Shannon’s life and work really called into question the whole “two cultures” paradigm, that math and science and the humanities on the other hand have very little to say to each other. . . . What Shannon was doing was not all simply hard math. It was thinking about problems that really, at the same time, consumed people in linguistics and philosophy as well.

Could information theory open a channel between the math-science tribe and the humanities tribe? Or perhaps between people and machines?

Consider Facebook’s recent decision to shut down Bob and Alice, two artificially intelligent chatbots. The bots were trained in English, but suddenly became fluent in a pidgin understandable only to each other. “I can i i everything else,” for example, was a phrase Bob used to negotiate with Alice about how to split up a task.

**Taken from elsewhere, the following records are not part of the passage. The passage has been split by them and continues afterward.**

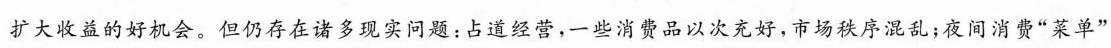
扩大收益的好机会。但仍存在诸多现实问题：占道经营，一些消费品以次充好，市场秩序混乱；夜间消费”菜单”
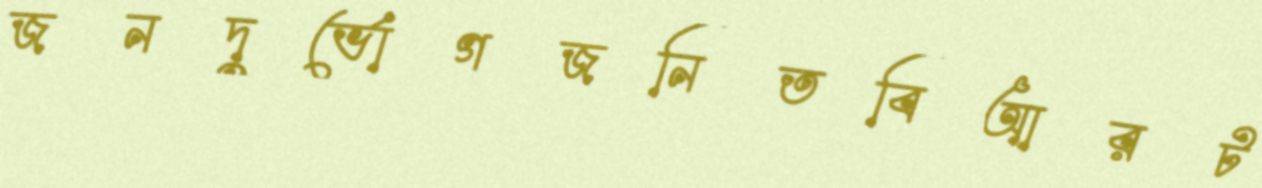
জনদুর্ভোগজনিতবিআরট
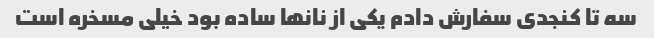
سه تا کنجدی سفارش دادم یکی از نانها ساده بود خیلی مسخره است
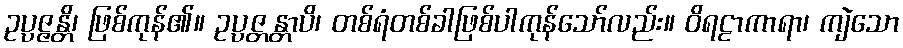
ဥပ္ပဇ္ဇန္တိ၊ ဖြစ်ကုန်၏။ ဥပ္ပဇ္တန္တာပိ၊ တစ်ရံတစ်ခါဖြစ်ပါကုန်သော်လည်း။ ဝိရဠာကာရာ၊ ကျဲသော
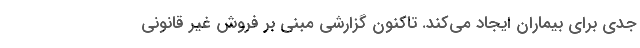
جدی برای بیماران ایجاد می‌کند. تاکنون گزارشی مبنی بر فروش غیر قانونی
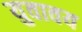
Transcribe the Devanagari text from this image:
युवावय
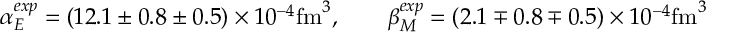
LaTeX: \alpha _ { E } ^ { e x p } = ( 1 2 . 1 \pm 0 . 8 \pm 0 . 5 ) \times 1 0 ^ { - 4 } \mathrm { f m } ^ { 3 } , \qquad \beta _ { M } ^ { e x p } = ( 2 . 1 \mp 0 . 8 \mp 0 . 5 ) \times 1 0 ^ { - 4 } \mathrm { f m } ^ { 3 }
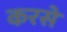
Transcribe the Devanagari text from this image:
करसे
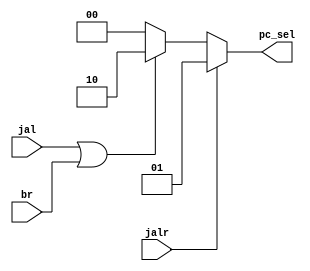
`timescale 1ns / 1ps

module Encoder(
	input jal,jalr,br,
	output reg [1:0] pc_sel
    );

always @(*)
begin
	if (jalr) pc_sel = 2'b01;
	else if (jal || br) pc_sel = 2'b10;
	else pc_sel = 2'b00;
end

endmodule
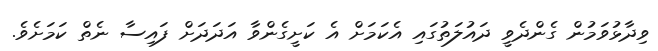
ވިދާޅުވަމުން ގެންދެވީ ދައުލަތުގައި އެކަމަށް އެ ކަށީގެންވާ އަދަދަށް ފައިސާ ނެތް ކަމަށެވެ.
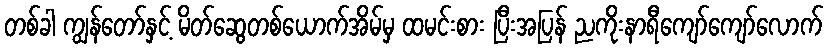
တစ်ခါ ကျွန်တော်နှင့် မိတ်ဆွေတစ်ယောက်အိမ်မှ ထမင်းစား ပြီးအပြန် ညကိုးနာရီကျော်ကျော်လောက်
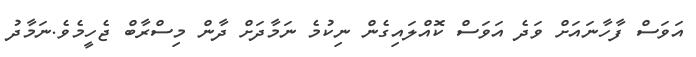
އަވަސް ފާހާނައަށް ވަދެ އަވަސް ކޮއްލައިގެން ނިކުމެ ނަމާދަށް ދާން މިސްރާބް ޖެހީމެވެ.ނަމާދު
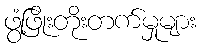
ဖွံ့ဖြိုးတိုးတက်မှုများ
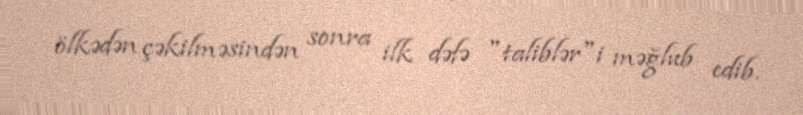
ölkədən çəkilməsindən sonra ilk dəfə "taliblər"i məğlub edib.
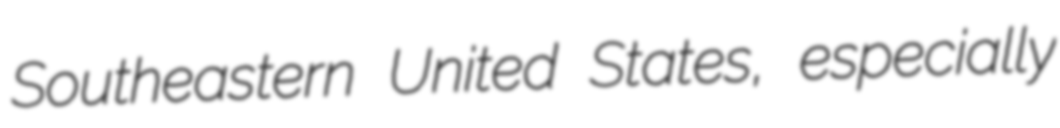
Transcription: Southeastern United States, especially
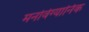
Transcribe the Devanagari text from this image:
मनोवेग्यानिक
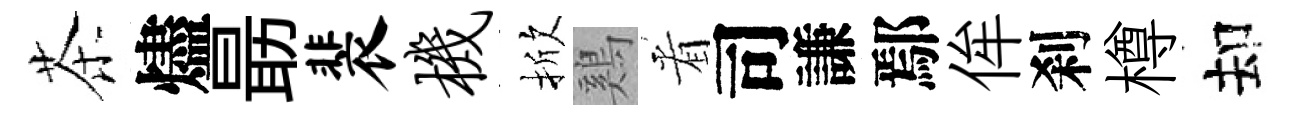
茶燼朂裴机掀鷄㸔司謙鄢侔刹樽却
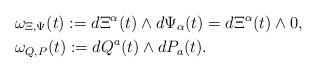
LaTeX: \begin{align*}&\omega_{\Xi,\Psi}(t):=d\Xi^{\alpha}(t)\wedge d\Psi_{\alpha}(t)=d\Xi^{\alpha}(t)\wedge0,\\&\omega_{Q,P}(t):=dQ^{a}(t)\wedge dP_{a}(t).\end{align*}
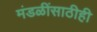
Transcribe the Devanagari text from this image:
मंडळींसाठीही
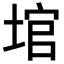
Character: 𪣬

Some observers framed the occasion as a harbinger of the “technological singularity,” in which “superintelligent” machines develop the ability to improve themselves—and, so the story goes, take over the world. The concern is certainly legitimate, but in a calmer moment, it’s also interesting to consider how these bots mirror human behavior, and what that may say.

What was Bob’s comment if not jargon? It is reminiscent of the transformations that human language has undergone at the hand of text messaging (IMHO). When we use jargon, acronyms, metaphors—and adding more dimensions, stories and multimedia—isn’t data compression the goal?

Despite an apparent cultural chasm between bibliophiles and technophiles, the engineering concepts of Claude Shannon’s information theory correspond elegantly to the more human elements of communication. If we develop that thought further, information theory may have a role to play as a rubric for good communication—one that cuts across at least two cultures.